FILE=$WEBROOT"js.txt"
cat "js.txt" | while read LINE; do
    cat $WEBROOT$LINE >> js_all.js
done

Output in terminal is error message: "Directory or file doesn't exist" followed by file path fragment for each line.

: Directory or file doesn't exist/jquery/jquery-1.6.2.min.js

: Directory or file doesn't exist/jquery/jquery-ui-1.8.6.custom.min.js

I am sure that all paths are right and files does exist.

Answer 1

relative paths are saved in your js.txt. you have to make sure that the path is valid from the directory where you execute the script. unless in your script you first run 'cd' command to the right directory.

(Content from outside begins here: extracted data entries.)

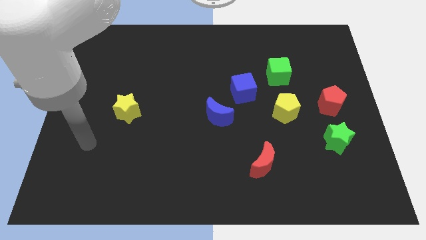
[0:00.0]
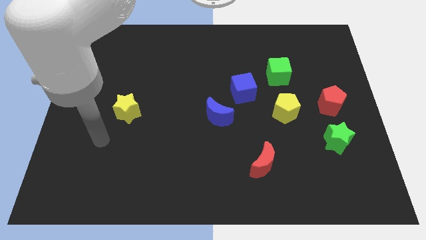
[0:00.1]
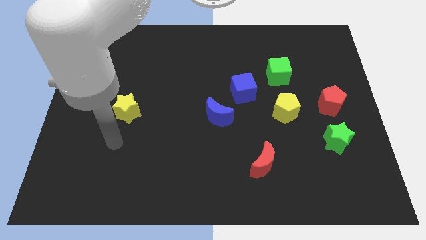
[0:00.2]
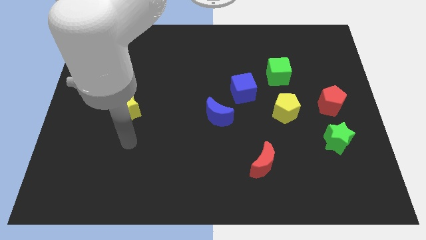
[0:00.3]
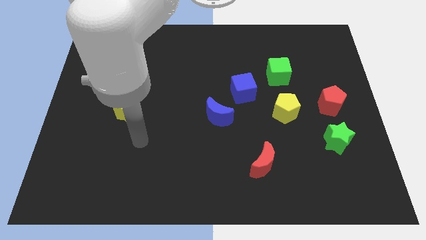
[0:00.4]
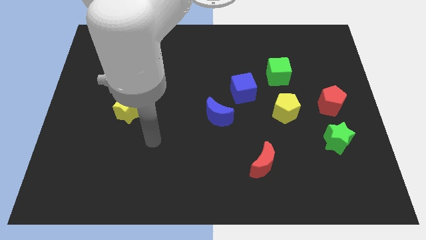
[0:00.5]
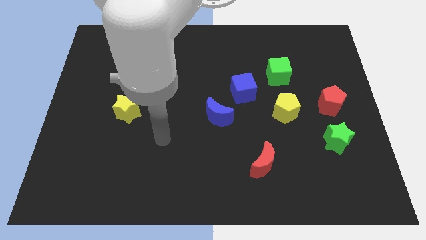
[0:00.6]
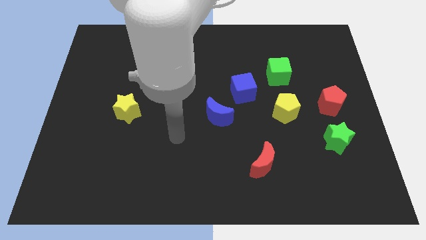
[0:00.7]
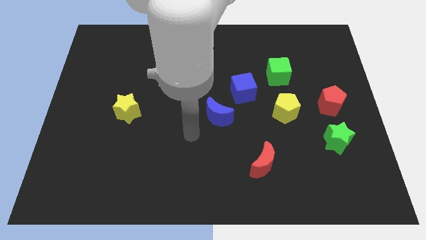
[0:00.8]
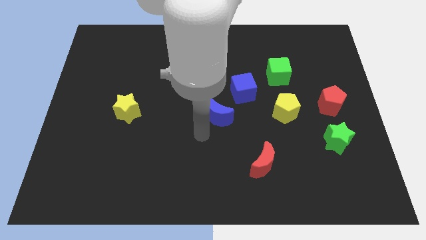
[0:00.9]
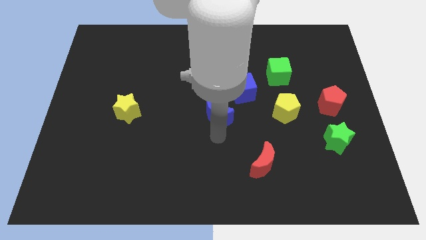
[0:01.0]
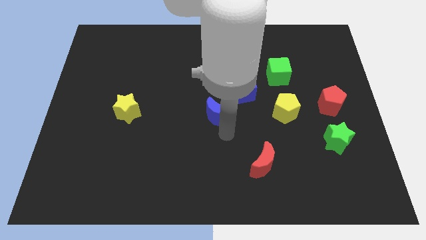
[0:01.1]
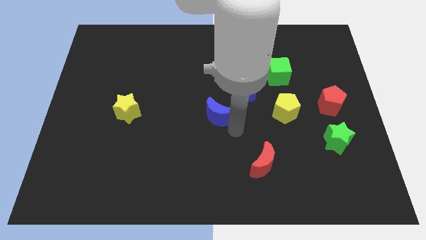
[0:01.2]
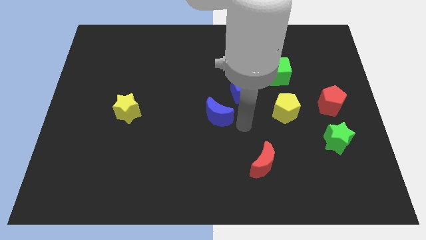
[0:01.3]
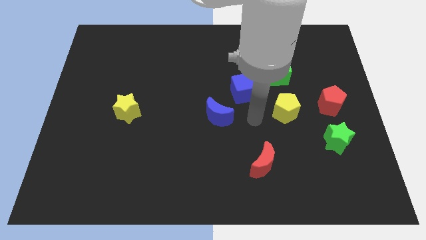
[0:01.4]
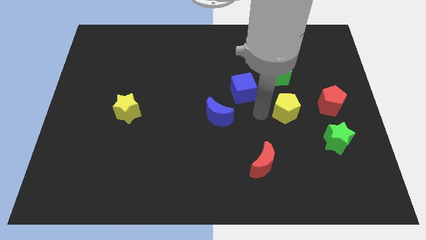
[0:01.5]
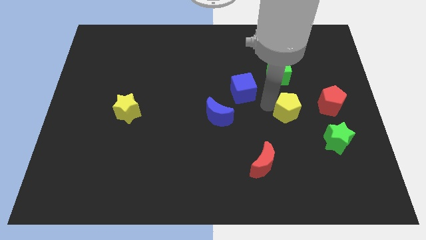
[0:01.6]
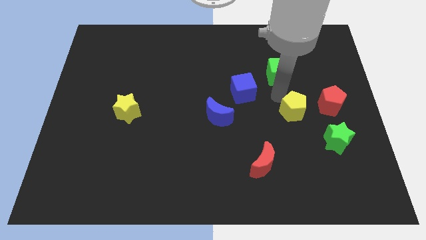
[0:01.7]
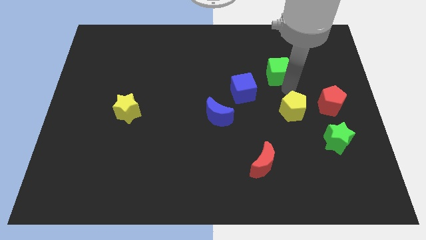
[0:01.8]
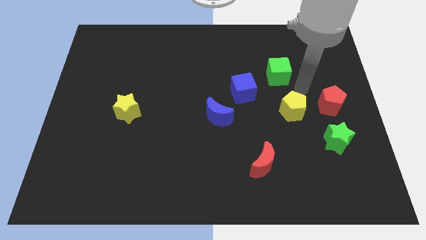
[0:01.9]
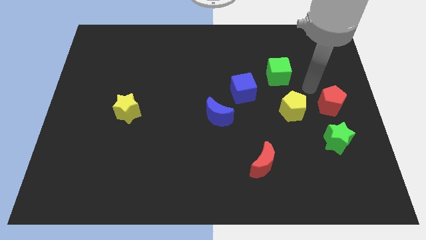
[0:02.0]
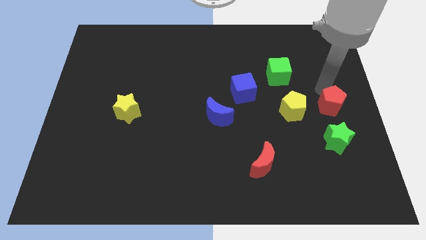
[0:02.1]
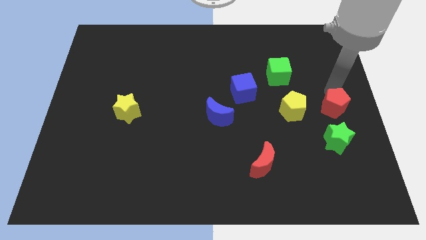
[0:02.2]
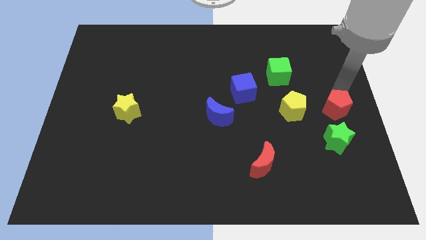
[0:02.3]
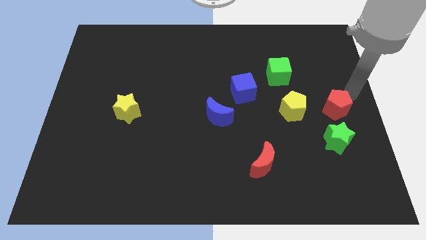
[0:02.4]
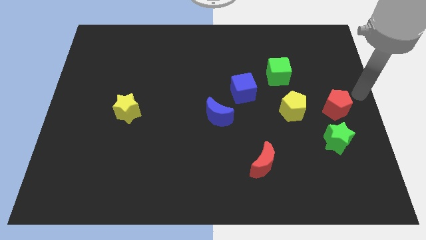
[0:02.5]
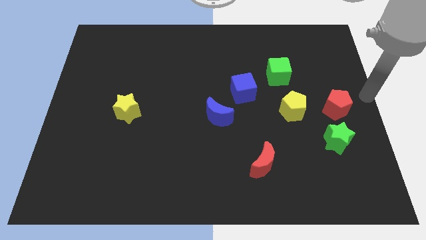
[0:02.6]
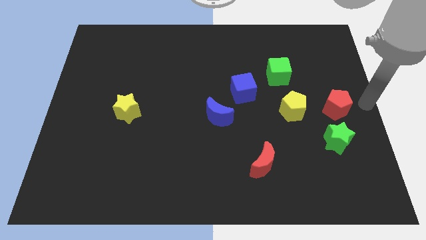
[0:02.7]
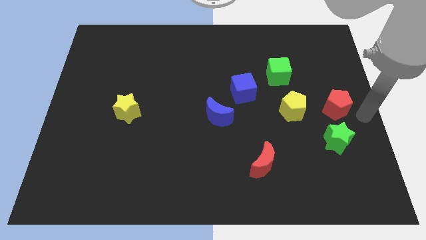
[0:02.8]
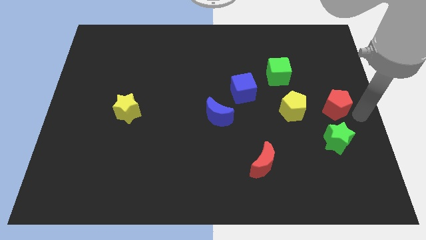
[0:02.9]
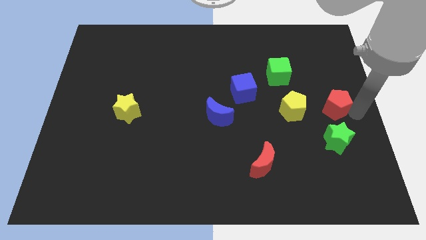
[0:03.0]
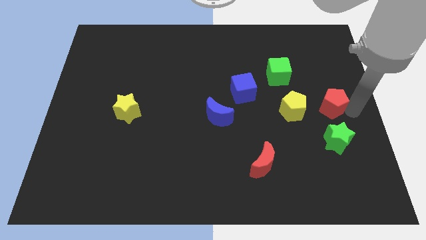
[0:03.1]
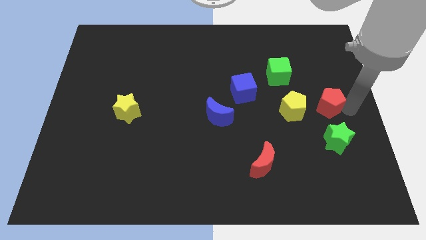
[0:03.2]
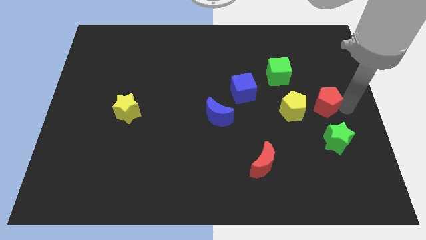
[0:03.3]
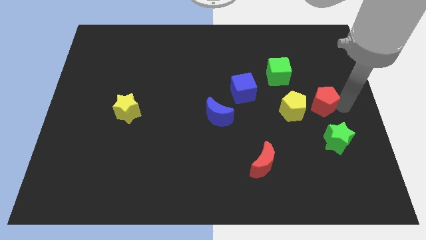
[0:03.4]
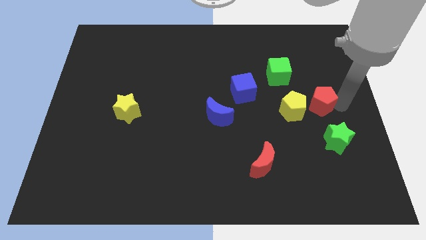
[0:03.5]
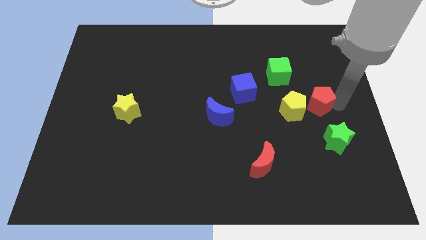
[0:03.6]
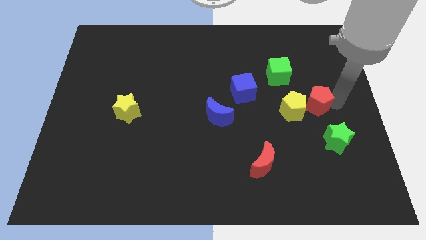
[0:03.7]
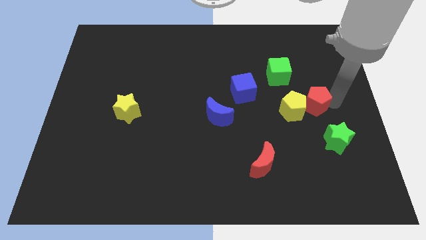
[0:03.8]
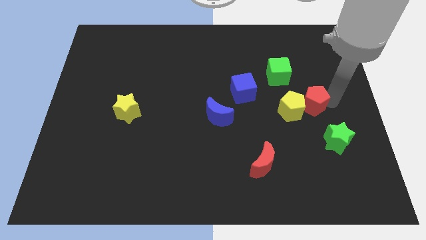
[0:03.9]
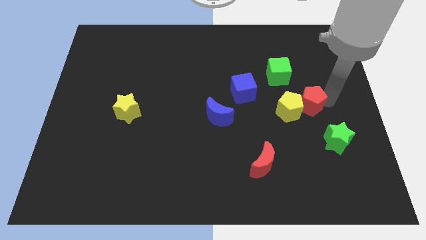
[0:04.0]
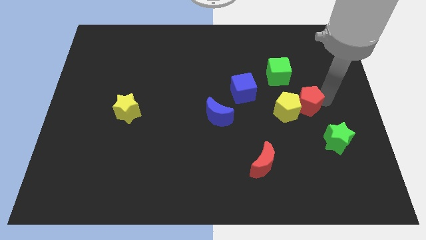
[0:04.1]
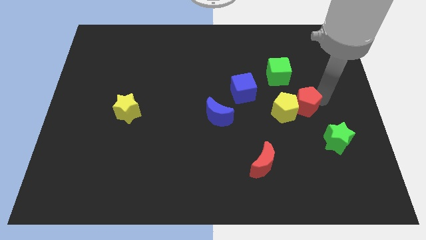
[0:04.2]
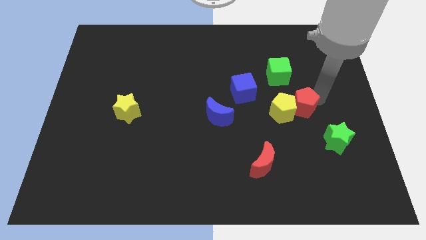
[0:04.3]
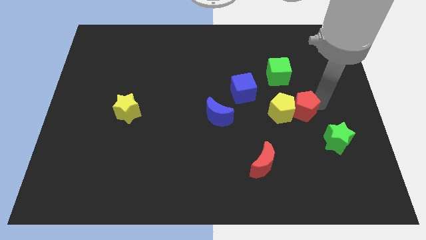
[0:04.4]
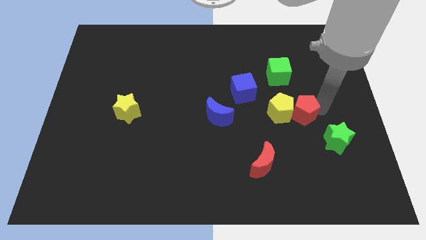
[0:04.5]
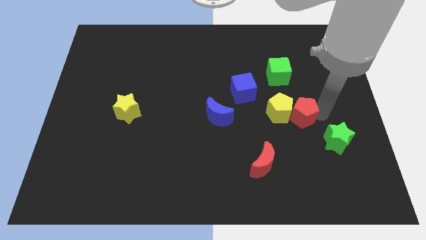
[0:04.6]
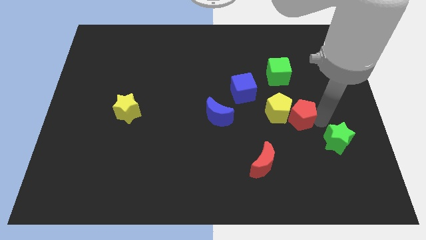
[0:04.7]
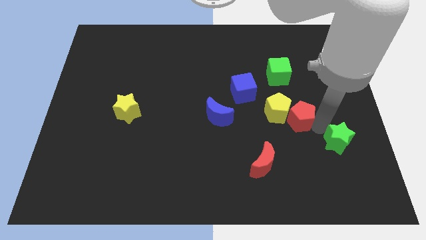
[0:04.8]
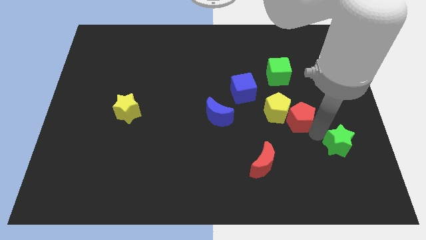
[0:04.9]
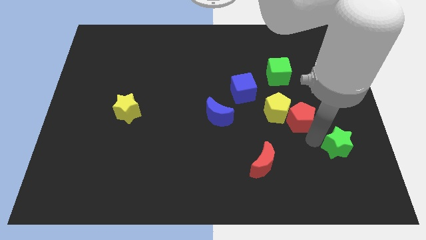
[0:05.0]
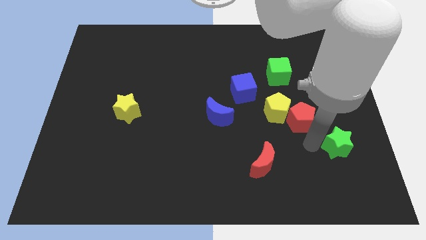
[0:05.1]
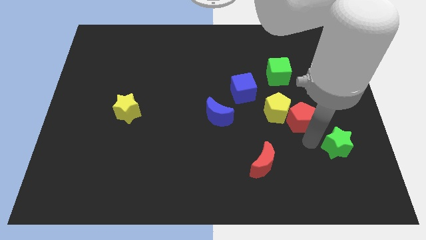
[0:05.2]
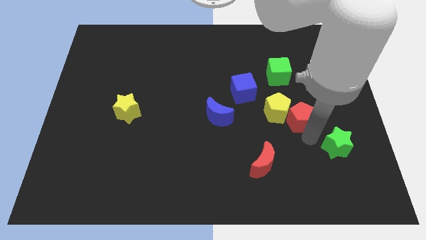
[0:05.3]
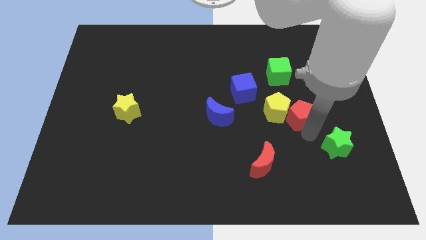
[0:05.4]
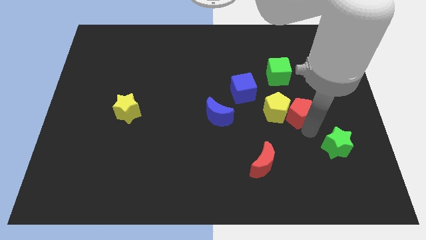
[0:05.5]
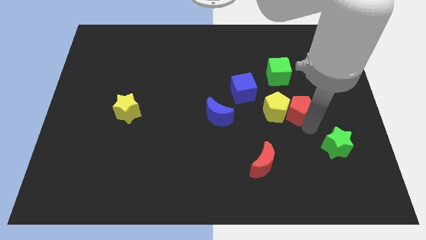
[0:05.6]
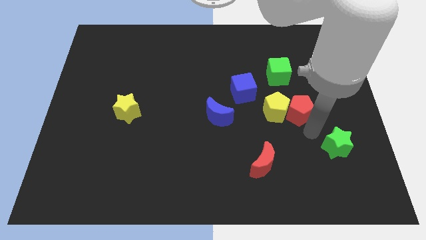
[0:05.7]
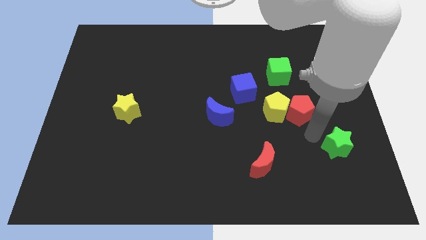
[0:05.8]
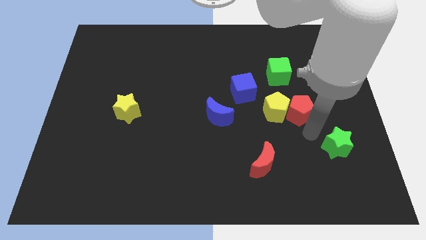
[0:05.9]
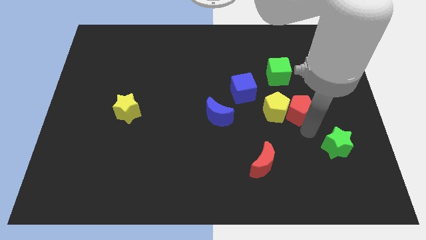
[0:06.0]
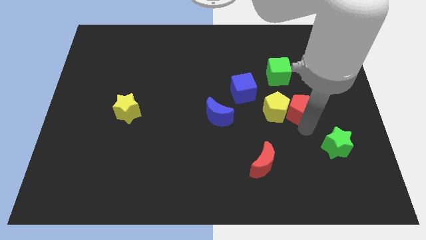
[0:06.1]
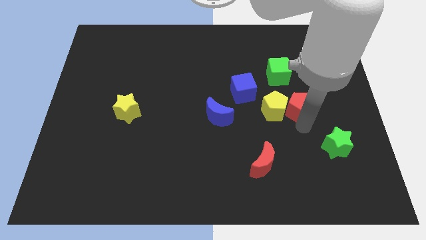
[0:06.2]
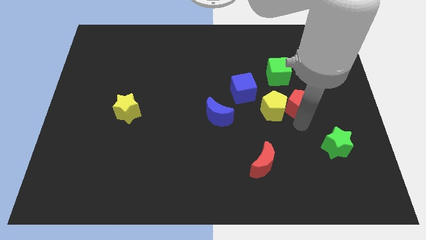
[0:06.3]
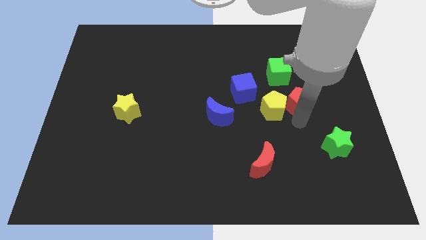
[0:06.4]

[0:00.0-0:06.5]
slide the red pentagon just right of the blue cube

if the directory thing is fixed, awk oneliner can do what you need.

awk '{if($0) system("cat "$0" >> js_all.js")}' js.txt

Answer 2

It looks to me like your js.txt file has DOS line endings (carriage return+linefeed) instead of unix (just linefeed), and the script is treating the CR as part of the filename. Either convert the file with something like dos2unix, or make the script convert it on the fly:

...
tr -d "\r" <"js.txt" | while read LINE; do
....

Answer 3

Firstly, some advices.

1) Check absolute paths of files js/jquery/jquery-1.6.2.min.js and js/jquery/jquery-ui-1.8.6.custom.min.js. Use readlink -f and dirname.

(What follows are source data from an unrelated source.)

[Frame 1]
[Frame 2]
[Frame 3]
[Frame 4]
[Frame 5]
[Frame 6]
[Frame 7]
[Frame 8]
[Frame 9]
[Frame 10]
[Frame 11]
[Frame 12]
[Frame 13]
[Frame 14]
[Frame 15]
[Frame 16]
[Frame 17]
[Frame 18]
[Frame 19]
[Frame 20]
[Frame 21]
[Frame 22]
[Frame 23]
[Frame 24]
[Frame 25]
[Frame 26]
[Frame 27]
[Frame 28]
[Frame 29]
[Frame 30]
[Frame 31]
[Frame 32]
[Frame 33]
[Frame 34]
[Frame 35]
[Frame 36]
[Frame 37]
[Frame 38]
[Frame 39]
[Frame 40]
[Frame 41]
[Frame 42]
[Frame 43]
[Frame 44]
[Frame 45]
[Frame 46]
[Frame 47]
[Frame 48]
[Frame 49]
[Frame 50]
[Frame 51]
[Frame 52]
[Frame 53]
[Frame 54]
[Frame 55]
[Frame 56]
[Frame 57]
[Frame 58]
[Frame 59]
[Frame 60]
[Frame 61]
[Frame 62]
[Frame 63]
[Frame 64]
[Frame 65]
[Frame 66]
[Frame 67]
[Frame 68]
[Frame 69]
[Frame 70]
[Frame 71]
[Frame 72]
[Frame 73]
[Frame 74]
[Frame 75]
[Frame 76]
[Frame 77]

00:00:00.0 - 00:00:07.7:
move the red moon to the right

2) Check absolute path of directory your script is running from.

3) Think about variable $FILE . Maybe it's a good idea to use cat ${FILE} instead of cat "js.txt"

4) Empty lines in js.txt is also make some kind of problems to you.

5) And why are you using CAPS_VARIABLE_NAMES?

Secondly, the solution.

I'm trying to understand your problem, so I've create all files you've got there:

$> cat js/jquery/jquery-1.6.2.min.js 
test1
$> cat js/jquery/jquery-ui-1.8.6.custom.min.js 
test2
$> cat js.txt 
js/jquery/jquery-1.6.2.min.js
js/jquery/jquery-ui-1.8.6.custom.min.js

So, like Arnout Engelen said (but I cannot understand why he use > instead of >>)

$> cat ./js.txt | xargs cat >> ./js_all
$> cat ./js_all
test1
test2

Answer 4

How about:

cd $WEBROOT; cat js.txt | xargs cat > js_all.js